§ **Description of the task**
Which lines below hold the word "everything"? Copy all of them.

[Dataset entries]
● ● ● ●

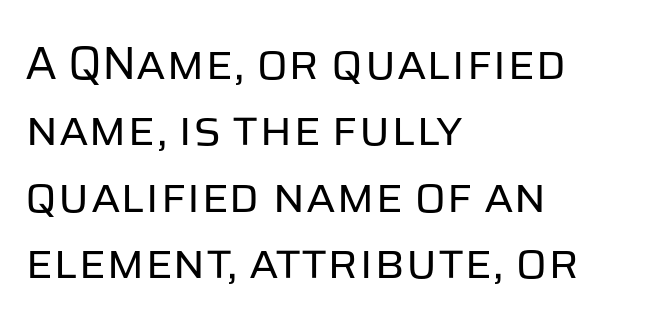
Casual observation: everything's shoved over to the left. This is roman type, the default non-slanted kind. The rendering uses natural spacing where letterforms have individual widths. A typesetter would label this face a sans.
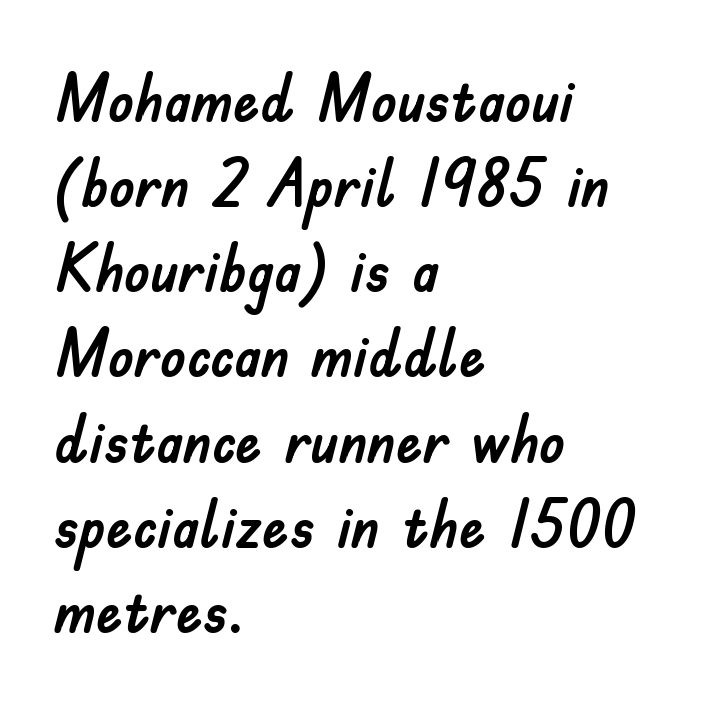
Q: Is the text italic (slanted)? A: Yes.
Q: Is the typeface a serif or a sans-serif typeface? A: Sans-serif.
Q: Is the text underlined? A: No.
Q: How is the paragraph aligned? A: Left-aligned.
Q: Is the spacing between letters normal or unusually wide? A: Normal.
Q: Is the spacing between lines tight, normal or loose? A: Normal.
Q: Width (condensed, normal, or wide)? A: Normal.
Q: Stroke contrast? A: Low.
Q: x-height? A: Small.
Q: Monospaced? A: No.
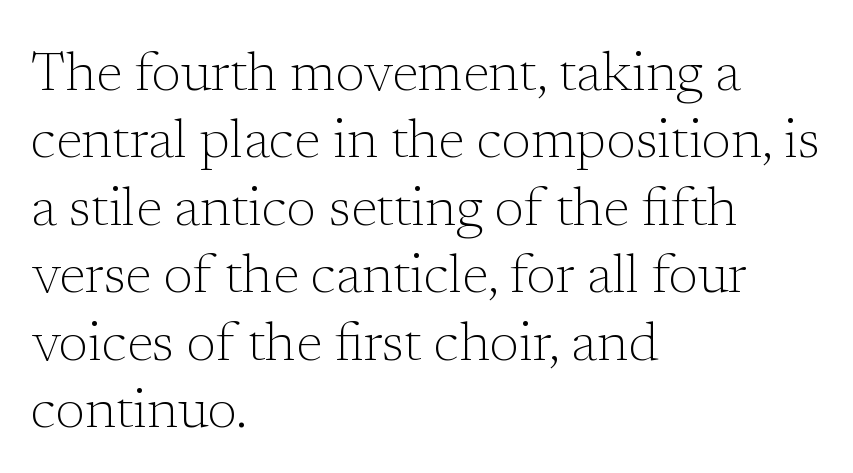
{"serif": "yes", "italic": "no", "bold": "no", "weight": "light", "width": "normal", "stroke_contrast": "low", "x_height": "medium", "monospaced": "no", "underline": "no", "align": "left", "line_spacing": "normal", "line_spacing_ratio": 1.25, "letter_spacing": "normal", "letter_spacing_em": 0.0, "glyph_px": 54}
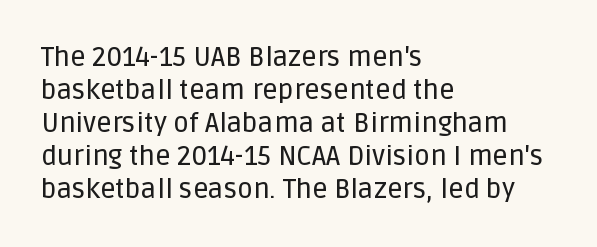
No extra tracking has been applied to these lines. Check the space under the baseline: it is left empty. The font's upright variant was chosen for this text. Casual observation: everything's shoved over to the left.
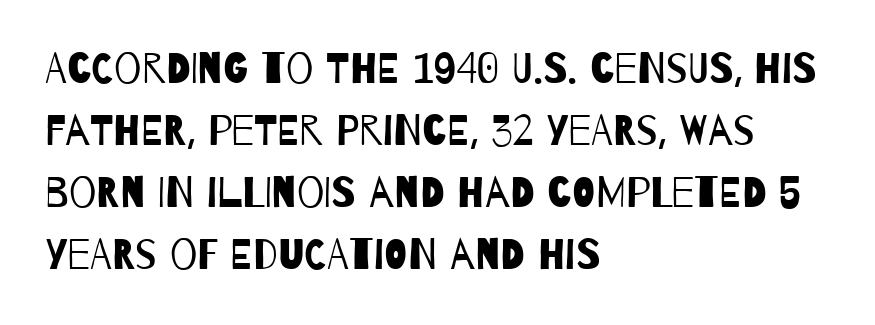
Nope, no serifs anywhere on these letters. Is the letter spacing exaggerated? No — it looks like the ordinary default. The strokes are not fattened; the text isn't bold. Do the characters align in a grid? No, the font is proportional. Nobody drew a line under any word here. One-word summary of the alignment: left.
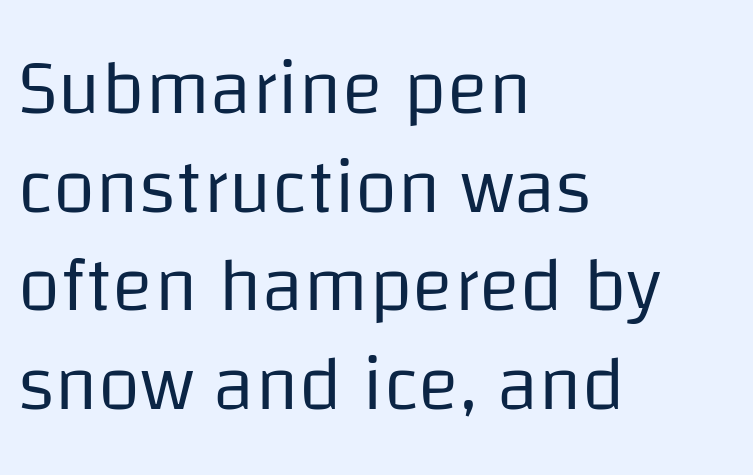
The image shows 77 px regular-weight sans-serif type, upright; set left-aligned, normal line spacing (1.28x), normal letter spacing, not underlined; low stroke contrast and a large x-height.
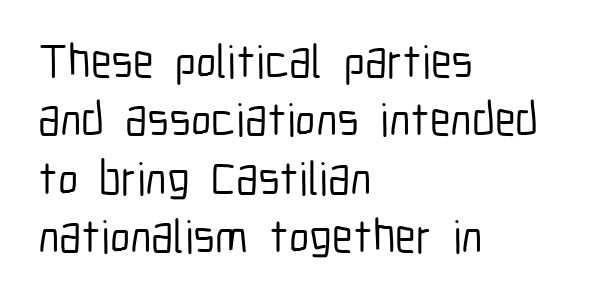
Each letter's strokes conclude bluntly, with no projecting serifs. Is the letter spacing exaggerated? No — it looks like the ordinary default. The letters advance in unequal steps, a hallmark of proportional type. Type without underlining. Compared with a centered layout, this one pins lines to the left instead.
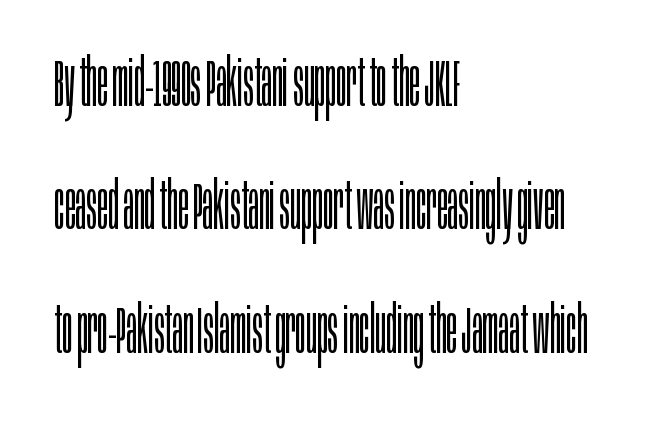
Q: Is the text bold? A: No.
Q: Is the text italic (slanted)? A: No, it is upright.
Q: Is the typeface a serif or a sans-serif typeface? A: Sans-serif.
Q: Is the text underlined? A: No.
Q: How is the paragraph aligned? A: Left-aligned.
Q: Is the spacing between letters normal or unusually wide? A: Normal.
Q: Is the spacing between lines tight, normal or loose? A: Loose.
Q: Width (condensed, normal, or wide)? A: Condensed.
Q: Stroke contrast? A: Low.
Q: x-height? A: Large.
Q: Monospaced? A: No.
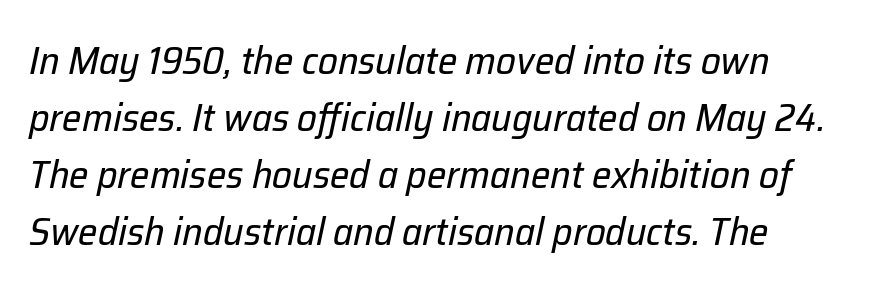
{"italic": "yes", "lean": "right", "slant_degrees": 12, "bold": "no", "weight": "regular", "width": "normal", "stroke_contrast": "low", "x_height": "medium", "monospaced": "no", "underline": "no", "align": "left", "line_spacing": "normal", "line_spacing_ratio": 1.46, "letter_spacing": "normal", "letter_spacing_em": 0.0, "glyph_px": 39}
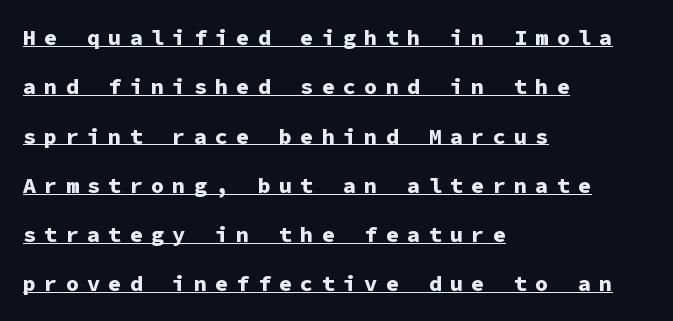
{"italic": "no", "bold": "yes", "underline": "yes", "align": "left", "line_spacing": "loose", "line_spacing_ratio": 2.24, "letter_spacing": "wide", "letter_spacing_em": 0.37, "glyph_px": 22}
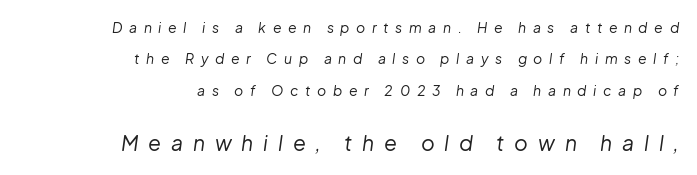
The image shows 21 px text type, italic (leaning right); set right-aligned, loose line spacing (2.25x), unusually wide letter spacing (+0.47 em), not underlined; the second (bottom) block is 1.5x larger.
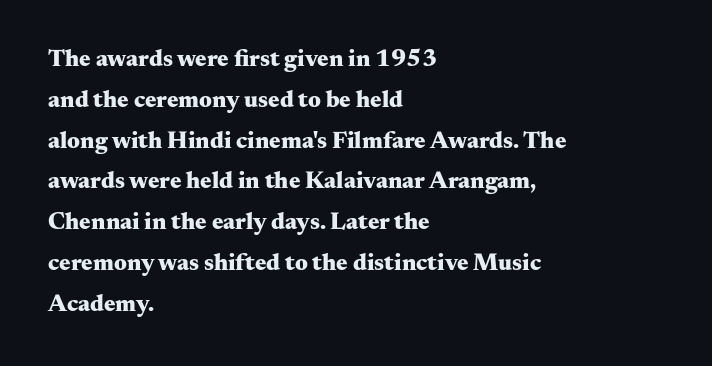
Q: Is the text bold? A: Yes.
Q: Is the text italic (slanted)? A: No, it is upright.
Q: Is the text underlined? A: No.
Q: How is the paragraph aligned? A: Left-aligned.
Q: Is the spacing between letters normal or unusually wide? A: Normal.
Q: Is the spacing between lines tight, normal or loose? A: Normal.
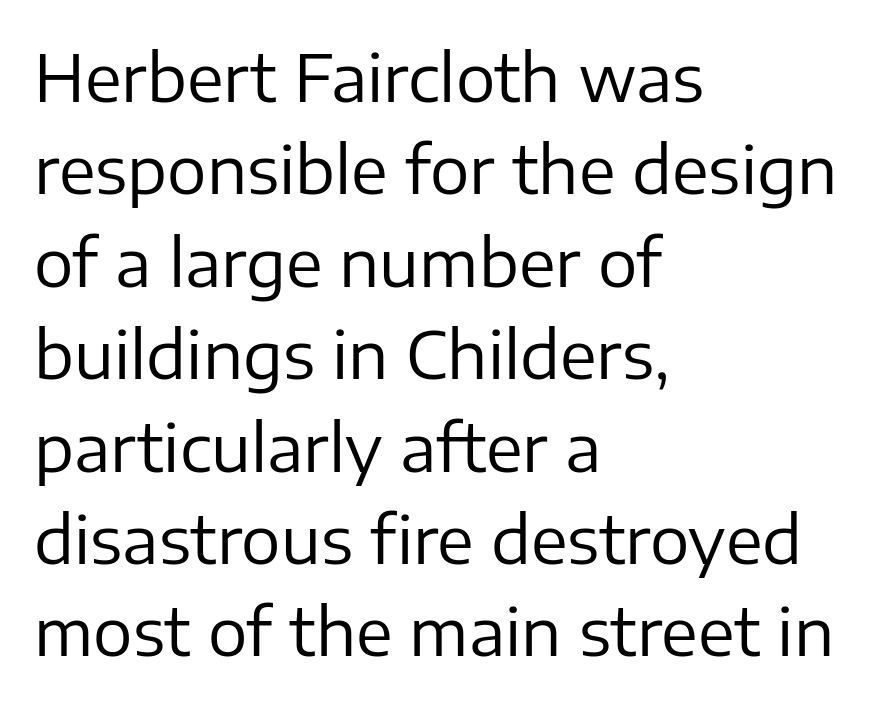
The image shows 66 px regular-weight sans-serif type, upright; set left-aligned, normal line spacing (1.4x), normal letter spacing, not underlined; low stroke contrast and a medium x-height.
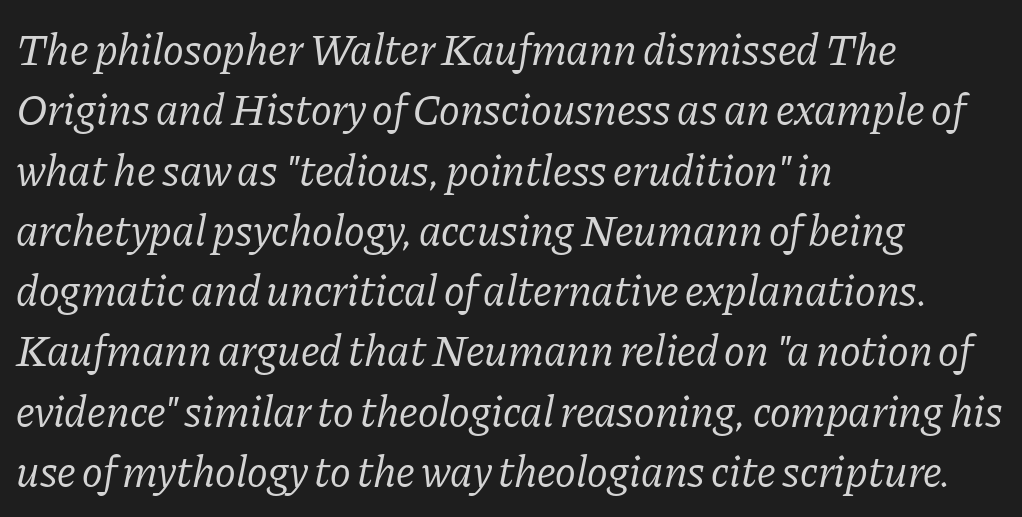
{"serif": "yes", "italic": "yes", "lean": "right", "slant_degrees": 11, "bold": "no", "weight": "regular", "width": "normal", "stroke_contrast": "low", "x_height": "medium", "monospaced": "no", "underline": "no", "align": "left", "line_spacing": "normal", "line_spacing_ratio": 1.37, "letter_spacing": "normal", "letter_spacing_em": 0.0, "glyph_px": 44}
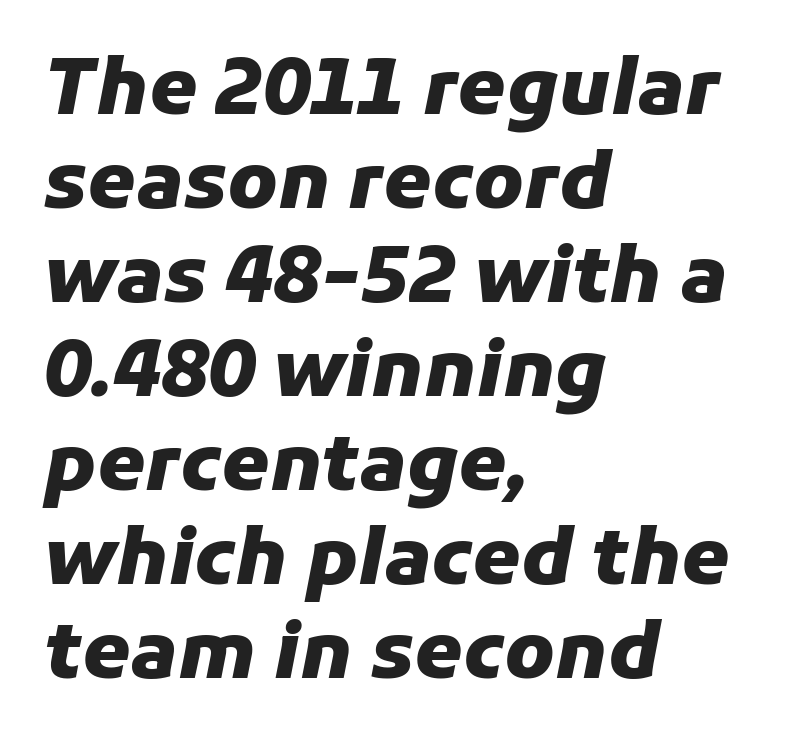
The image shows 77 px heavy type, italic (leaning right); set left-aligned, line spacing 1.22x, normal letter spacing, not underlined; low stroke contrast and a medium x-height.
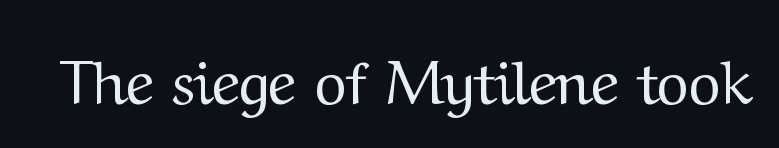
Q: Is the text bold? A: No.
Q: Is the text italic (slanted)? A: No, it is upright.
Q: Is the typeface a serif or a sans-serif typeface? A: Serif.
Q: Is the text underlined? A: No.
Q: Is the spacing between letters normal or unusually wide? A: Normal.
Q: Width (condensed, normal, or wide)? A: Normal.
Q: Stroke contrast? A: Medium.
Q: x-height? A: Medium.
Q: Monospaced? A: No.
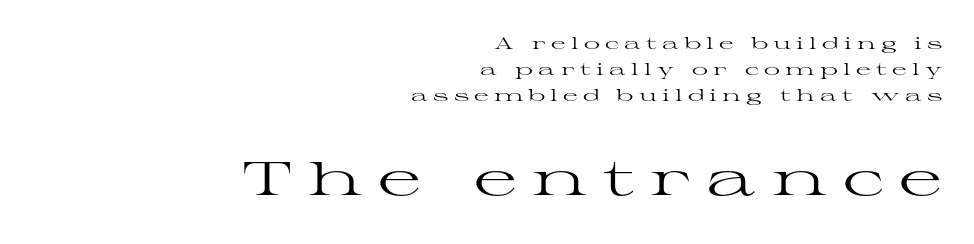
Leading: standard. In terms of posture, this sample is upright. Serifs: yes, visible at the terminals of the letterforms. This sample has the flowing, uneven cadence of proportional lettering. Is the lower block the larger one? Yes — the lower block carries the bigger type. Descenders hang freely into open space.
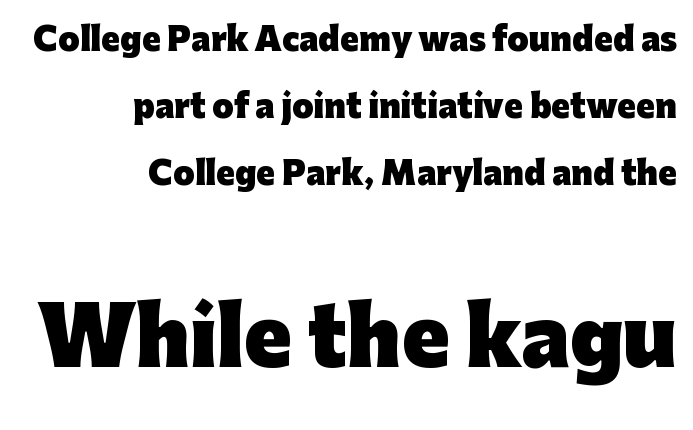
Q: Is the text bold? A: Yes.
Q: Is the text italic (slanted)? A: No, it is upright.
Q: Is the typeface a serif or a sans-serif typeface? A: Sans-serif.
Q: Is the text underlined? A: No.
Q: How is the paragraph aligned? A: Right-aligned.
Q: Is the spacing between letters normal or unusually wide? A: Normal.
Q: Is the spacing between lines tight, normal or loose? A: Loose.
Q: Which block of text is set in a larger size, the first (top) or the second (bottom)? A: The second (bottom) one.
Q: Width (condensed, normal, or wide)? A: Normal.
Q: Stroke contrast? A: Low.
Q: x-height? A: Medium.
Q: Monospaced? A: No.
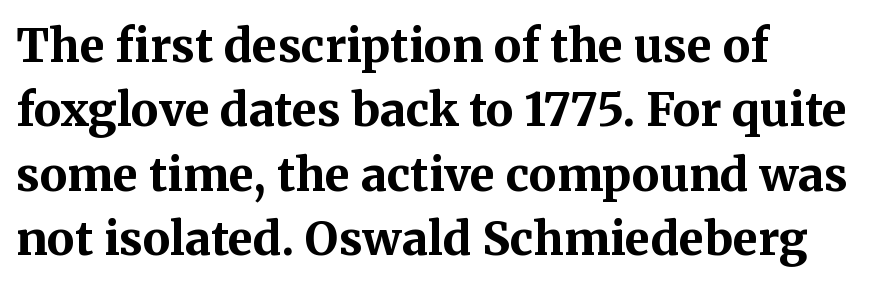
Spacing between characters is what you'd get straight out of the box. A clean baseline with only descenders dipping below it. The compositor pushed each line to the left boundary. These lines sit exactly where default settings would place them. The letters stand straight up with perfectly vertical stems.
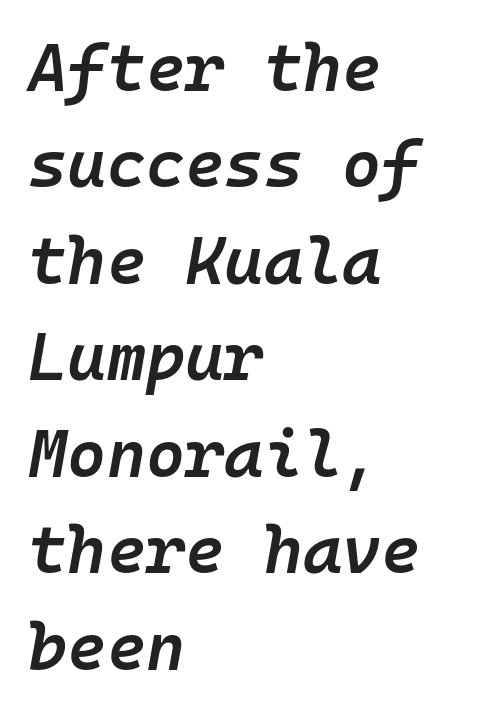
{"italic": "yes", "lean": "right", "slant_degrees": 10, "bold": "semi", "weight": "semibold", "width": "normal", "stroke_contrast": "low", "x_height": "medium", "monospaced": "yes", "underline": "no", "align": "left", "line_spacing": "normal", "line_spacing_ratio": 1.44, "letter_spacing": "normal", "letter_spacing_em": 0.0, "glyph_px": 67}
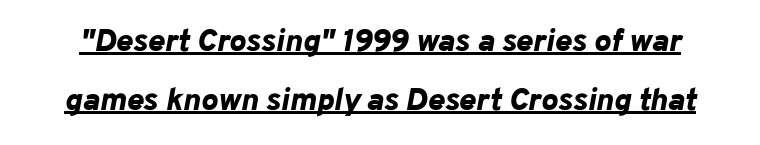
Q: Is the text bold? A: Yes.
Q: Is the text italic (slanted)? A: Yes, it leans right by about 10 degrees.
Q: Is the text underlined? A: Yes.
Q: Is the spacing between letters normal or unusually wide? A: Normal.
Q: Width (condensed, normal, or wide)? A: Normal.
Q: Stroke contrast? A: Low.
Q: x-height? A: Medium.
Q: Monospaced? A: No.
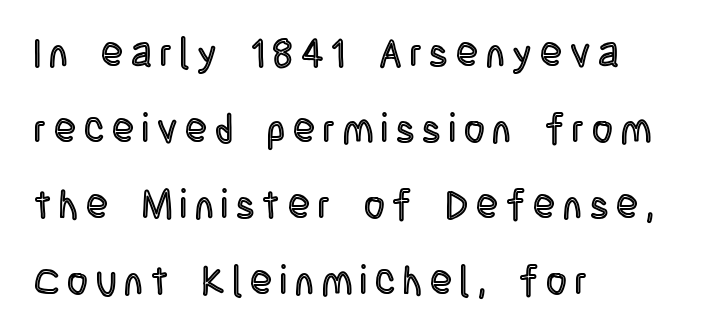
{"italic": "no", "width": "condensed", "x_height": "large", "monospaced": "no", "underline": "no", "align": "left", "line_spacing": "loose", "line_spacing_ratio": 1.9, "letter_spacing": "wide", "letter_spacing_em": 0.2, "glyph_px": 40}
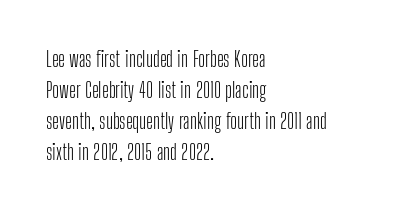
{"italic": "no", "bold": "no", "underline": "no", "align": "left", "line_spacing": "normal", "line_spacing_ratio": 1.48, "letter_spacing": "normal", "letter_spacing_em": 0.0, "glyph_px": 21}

● ● ● ●

§ **Task answer**
Casual observation: everything's shoved over to the left. This is roman type, the default non-slanted kind. The rendering uses natural spacing where letterforms have individual widths. A typesetter would label this face a sans.
No extra tracking has been applied to these lines. Check the space under the baseline: it is left empty. The font's upright variant was chosen for this text. Casual observation: everything's shoved over to the left.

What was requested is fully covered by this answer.